New Forms of Imperial Art
·
From the eighteenth
century a stream of European artists came to India along with the British
traders and rulers. The artists brought with them new styles and new
conventions of painting. They began producing pictures which became widely
popular in Europe and helped shape Western perceptions of India.
·
European artists
brought with them the idea of realism. This was a belief that artists had to
observe carefully and depict faithfully what the eye saw. What the artist
produced was expected to look real and lifelike.
·
European artists
also brought with them the technique of oil painting – a technique with which
Indian artists were not very familiar. Oil painting enabled artists to produce
images that looked real.
Looking for the picturesque
·
One popular
imperial tradition was that of picturesque landscape painting. Picturesque is a
style of painting depicted India as a quaint land, to be explored by travelling
British artists; its landscape was rugged and wild, seemingly untamed by human
hands.
·
Thomas Daniell and
his nephew William Daniell were the most famous of the artists who painted
within this tradition. They came to India in 1785 and stayed for seven years,
journeying from Calcutta to northern and southern India. They produced some of
the most evocative picturesque landscapes of Britain’s newly conquered
territories in India.
·
Their large oil
paintings on canvas were regularly exhibited to select audiences in Britain,
and their albums of engravings were eagerly bought up by a British public keen to
know about Britain’s empire.
·
This image of
British rule bringing modern civilisation to India is powerfully emphasised in
the numerous pictures of late-eighteenth-century Calcutta drawn by the
Daniells.
Engraving
– A picture printed onto paper from a piece of wood or metal into which the
design or drawing has been cut
Portraits of authority
·
Another tradition
of art that became immensely popular in colonial India was portrait painting.
·
The rich and the
powerful, both British and Indian, wanted to see themselves on canvas. Unlike
the existing Indian tradition of painting portraits in miniature, colonial
portraits were life-size images that looked lifelike and real.
·
The size of the
paintings itself projected the importance of the patrons who commissioned these
portraits. This new style of portraiture also served as an ideal means of
displaying the lavish lifestyles, wealth and status that the empire generated.

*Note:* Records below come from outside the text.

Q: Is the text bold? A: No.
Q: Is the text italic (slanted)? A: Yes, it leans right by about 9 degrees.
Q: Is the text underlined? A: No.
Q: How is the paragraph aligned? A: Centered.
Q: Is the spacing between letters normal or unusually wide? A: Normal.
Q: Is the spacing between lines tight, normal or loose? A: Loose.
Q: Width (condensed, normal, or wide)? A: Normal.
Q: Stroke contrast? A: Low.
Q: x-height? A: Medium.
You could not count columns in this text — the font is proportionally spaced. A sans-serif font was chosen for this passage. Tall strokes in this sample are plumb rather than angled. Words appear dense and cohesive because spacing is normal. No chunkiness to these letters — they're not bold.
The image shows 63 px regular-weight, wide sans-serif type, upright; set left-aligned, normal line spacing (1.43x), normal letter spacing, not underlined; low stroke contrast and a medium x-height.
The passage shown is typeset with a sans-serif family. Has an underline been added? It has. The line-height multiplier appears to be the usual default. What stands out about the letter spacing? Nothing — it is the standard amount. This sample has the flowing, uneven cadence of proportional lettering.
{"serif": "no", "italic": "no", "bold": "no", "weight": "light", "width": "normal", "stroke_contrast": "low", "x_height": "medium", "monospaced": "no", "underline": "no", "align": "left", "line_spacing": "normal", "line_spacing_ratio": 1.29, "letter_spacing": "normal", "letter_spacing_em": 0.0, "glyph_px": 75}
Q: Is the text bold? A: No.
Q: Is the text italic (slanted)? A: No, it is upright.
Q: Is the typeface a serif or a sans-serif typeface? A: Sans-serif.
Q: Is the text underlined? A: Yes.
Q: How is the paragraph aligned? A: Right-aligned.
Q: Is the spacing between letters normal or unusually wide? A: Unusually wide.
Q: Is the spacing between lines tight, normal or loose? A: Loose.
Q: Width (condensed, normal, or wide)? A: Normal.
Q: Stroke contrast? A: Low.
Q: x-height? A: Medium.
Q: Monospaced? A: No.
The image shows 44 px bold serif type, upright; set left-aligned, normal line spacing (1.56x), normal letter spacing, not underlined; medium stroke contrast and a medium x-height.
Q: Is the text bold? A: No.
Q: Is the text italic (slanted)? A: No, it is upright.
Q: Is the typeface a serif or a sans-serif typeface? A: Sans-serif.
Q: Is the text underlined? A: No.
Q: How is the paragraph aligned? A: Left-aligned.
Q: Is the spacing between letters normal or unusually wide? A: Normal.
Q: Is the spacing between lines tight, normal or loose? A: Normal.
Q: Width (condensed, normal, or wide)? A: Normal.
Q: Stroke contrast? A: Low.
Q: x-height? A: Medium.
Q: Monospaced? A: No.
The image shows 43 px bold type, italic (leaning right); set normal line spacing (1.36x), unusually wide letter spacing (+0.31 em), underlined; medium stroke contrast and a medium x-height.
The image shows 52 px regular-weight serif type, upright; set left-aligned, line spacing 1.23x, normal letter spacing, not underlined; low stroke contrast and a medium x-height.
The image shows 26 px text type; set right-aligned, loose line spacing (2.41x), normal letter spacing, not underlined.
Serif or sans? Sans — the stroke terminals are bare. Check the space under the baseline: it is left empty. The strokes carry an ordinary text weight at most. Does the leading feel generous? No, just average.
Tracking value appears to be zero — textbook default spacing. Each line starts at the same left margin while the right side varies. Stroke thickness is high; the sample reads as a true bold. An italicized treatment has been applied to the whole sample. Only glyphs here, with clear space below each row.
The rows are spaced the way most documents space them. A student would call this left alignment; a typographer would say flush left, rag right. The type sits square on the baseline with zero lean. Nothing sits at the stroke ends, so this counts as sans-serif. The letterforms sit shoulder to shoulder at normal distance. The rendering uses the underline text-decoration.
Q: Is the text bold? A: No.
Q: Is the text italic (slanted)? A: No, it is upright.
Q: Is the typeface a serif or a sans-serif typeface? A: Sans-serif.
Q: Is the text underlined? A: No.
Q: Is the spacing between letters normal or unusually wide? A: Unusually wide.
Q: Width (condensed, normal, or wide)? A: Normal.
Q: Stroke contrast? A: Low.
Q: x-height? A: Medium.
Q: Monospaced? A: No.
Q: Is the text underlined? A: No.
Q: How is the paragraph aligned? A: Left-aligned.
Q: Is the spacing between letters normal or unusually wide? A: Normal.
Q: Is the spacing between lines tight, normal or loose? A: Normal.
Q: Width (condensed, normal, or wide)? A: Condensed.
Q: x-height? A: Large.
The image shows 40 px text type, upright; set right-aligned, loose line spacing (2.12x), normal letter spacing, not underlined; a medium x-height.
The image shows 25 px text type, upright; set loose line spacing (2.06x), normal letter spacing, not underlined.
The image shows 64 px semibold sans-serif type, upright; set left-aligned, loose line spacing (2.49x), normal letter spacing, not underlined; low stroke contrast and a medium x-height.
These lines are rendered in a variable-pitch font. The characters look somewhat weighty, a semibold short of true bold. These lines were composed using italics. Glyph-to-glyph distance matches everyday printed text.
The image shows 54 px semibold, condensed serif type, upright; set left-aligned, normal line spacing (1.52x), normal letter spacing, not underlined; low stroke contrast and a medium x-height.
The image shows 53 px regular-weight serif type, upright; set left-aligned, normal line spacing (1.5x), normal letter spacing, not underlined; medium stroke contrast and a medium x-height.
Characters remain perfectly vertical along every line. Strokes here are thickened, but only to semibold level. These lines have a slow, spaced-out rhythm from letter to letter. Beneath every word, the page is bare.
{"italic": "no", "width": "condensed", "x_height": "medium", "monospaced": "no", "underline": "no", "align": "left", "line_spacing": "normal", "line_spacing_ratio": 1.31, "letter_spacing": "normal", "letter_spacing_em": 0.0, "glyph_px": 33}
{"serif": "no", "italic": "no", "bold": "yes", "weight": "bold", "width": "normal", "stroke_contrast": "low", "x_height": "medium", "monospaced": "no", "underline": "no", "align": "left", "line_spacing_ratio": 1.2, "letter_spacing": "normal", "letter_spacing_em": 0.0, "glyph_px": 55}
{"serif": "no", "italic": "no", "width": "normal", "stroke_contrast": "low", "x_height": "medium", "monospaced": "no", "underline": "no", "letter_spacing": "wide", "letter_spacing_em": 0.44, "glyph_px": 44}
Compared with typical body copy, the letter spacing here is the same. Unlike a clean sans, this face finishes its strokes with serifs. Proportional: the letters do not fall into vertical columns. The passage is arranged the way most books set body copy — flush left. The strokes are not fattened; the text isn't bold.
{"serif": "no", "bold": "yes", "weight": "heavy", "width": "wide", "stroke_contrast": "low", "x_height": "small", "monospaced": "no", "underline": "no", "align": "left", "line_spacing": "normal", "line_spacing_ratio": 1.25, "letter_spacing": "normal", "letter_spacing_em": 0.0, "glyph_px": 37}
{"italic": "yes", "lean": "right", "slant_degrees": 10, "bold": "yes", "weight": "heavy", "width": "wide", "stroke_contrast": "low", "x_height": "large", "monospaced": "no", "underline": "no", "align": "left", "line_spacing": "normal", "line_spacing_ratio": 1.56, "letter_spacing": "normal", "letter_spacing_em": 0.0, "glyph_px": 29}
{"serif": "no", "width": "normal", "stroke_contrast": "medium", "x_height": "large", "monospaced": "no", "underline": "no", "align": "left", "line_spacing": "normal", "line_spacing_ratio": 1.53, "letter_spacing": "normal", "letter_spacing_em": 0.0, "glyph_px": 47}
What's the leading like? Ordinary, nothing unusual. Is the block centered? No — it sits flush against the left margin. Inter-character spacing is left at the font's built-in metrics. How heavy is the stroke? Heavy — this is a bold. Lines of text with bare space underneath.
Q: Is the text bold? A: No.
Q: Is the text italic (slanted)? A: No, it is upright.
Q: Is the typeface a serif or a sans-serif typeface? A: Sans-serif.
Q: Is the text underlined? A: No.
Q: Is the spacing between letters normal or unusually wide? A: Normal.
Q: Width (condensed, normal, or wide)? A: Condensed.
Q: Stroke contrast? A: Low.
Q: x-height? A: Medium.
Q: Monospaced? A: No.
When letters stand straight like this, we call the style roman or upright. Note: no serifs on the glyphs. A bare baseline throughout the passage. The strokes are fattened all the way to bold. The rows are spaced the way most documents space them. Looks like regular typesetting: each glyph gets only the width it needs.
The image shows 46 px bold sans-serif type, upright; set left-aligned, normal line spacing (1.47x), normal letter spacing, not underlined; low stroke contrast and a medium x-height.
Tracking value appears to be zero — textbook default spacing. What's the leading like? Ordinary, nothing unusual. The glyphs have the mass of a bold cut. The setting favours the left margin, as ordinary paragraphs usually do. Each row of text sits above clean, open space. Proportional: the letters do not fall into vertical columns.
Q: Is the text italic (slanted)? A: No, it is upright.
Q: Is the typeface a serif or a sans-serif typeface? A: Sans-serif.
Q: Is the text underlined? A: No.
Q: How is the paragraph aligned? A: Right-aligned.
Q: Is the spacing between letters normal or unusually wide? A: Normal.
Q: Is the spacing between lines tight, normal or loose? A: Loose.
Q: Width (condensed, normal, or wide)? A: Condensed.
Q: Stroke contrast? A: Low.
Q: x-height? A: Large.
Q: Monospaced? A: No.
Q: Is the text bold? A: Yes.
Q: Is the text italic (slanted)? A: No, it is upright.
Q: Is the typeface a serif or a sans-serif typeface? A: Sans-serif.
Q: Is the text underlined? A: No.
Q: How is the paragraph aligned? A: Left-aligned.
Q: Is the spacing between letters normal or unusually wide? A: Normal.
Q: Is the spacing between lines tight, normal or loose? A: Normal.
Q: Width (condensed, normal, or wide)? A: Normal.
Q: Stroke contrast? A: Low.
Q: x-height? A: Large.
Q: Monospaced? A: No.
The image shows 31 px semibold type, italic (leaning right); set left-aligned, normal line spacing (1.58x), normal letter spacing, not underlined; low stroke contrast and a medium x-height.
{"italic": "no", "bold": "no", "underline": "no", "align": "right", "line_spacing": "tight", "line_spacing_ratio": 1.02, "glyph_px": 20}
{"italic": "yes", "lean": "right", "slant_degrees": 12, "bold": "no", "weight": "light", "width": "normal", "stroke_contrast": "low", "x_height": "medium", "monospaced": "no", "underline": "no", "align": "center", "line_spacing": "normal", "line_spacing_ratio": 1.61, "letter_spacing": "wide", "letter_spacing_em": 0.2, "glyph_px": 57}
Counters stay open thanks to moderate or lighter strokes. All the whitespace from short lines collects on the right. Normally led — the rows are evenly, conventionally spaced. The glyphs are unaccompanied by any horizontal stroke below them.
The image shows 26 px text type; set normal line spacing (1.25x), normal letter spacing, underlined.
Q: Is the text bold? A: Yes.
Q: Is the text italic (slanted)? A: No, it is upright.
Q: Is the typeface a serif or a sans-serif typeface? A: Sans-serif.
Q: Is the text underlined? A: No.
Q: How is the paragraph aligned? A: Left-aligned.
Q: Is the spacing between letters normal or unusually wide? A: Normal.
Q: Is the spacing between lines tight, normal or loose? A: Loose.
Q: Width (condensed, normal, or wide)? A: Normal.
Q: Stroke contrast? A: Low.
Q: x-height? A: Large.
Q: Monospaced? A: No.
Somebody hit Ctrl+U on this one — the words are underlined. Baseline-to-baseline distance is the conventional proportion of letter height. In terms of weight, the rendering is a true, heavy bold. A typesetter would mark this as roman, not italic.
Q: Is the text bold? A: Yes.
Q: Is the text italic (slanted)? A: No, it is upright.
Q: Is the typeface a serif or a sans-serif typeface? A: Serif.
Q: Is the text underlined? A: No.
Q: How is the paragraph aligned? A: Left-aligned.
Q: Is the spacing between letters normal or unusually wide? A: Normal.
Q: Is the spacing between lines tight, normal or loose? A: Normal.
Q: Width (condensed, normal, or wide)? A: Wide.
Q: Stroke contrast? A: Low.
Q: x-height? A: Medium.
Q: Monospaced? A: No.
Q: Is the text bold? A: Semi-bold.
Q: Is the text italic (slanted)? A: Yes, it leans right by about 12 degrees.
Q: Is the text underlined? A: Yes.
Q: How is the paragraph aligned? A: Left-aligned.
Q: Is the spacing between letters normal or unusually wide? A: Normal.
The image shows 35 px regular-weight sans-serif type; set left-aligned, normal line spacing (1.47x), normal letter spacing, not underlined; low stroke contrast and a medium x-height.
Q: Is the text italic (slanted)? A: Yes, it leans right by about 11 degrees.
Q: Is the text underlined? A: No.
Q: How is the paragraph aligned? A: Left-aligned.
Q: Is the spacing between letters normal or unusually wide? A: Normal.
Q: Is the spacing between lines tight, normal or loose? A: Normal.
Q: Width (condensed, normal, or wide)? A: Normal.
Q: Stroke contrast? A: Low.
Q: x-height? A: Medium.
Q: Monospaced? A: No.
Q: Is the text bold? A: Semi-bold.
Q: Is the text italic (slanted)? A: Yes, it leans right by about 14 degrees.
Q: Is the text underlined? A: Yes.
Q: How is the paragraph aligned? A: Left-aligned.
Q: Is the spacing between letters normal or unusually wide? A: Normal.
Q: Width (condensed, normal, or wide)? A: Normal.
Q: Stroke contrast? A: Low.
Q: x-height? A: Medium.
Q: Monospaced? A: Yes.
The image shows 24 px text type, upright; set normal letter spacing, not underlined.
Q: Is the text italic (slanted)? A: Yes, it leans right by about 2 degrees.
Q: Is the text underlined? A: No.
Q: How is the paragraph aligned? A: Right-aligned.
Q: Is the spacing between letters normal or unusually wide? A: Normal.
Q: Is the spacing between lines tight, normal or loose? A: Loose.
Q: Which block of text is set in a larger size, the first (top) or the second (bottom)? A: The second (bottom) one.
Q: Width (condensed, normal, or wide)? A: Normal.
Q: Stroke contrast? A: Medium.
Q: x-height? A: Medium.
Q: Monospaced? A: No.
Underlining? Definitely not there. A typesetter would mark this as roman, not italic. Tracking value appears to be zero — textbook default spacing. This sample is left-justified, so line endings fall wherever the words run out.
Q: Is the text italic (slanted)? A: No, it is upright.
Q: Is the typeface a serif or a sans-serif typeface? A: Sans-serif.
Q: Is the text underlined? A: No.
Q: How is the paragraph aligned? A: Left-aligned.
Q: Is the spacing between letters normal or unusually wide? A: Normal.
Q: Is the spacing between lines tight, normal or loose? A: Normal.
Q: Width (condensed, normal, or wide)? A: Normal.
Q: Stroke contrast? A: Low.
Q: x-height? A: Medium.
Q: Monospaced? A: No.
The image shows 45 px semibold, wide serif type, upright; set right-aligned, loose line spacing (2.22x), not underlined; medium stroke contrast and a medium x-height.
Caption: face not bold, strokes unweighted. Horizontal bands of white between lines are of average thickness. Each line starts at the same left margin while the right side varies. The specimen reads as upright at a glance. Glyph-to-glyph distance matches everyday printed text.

Portrait – A picture of a person in which the face and its
expression is prominent
Portraiture
– The art of making portraits
·
As portrait
painting became popular, many European portrait painters came to India in
search of profitable commissions.
·
One of the most
famous of the visiting European painters was Johann Zoffany. He was born in
Germany, migrated to England and came to India in the mid-1780s for five years.
Indians are never at the centre of such paintings; they usually occupy a
shadowy background.
Commission
– To formally choose someone to do a special piece of work usually against
payment
·
Many of the Indian
nawabs too began commissioning imposing oil portraits by European painters. You
have seen how the British posted Residents in Indian courts and began
controlling the affairs of the state, undermining the power of the king.
·
Some of these
nawabs reacted against this interference; others accepted the political and
cultural superiority of the British.
·
They hoped to
socialise with the British, and adopt their styles and tastes. Muhammad Ali
Khan was one such nawab.
·
After a war with
the British in the 1770s he became a dependant pensioner of the East India
Company. But he nonetheless commissioned two visiting European artists, Tilly
Kettle and George Willison, to paint his portraits, and gifted these paintings
to the King of England and the Directors of the East India Company.
·
The nawab had lost
political power, but the portraits allowed him to look at himself as a royal
figure.
Painting history
·
There was a third
category of imperial art, called “history painting”. This tradition sought to
dramatise and recreate various episodes of British imperial history, and
enjoyed great prestige and popularity during the late eighteenth and early
nineteenth centuries.
·
British victories
in India served as rich material for history painters in Britain. These
painters drew on firsthand sketches and accounts of travellers to depict for
the British public a favourable image of British actions in India. These paintings
once again celebrated the British: their power, their victories, their
supremacy.
·
One of the first of
these history paintings was produced by Francis Hayman in 1762 and placed on
public display in the Vauxhall Gardens in London (Fig. 7).
·
The British had
just defeated Sirajuddaulah in the famous Battle of Plassey and installed Mir
Jafar as the Nawab of Murshidabad. It was a victory won through conspiracy, and
the traitor Mir Jafar was awarded the title of Nawab.
·
In the painting by
Hayman this act of aggression and conquest is not depicted. It shows Lord Clive
being welcomed by Mir Jafar and his troops after the Battle of Plassey.
·
The celebration of
British military triumph can be seen in the many paintings of the battle of
Seringapatam (now Srirangapatnam). Tipu Sultan of Mysore, as you know, was one
of the most powerful enemies of the British. He was finally defeated in 1799 at
the famous battle of Seringapatam.
·
Notice the way the
battle scene is painted in Fig. 8. The British troops are shown storming the
fort from all sides, cutting Tipu’s soldiers to pieces, climbing the walls,
raising the British flag aloft on the ramparts of Tipu’s fort. It is a painting
full of action and energy. The painting dramatises the event and glorifies the
British triumph.
·
Imperial history
paintings sought to create a public memory of imperial triumphs. Victories had
to be remembered, implanted in the memory of people, both in India and Britain.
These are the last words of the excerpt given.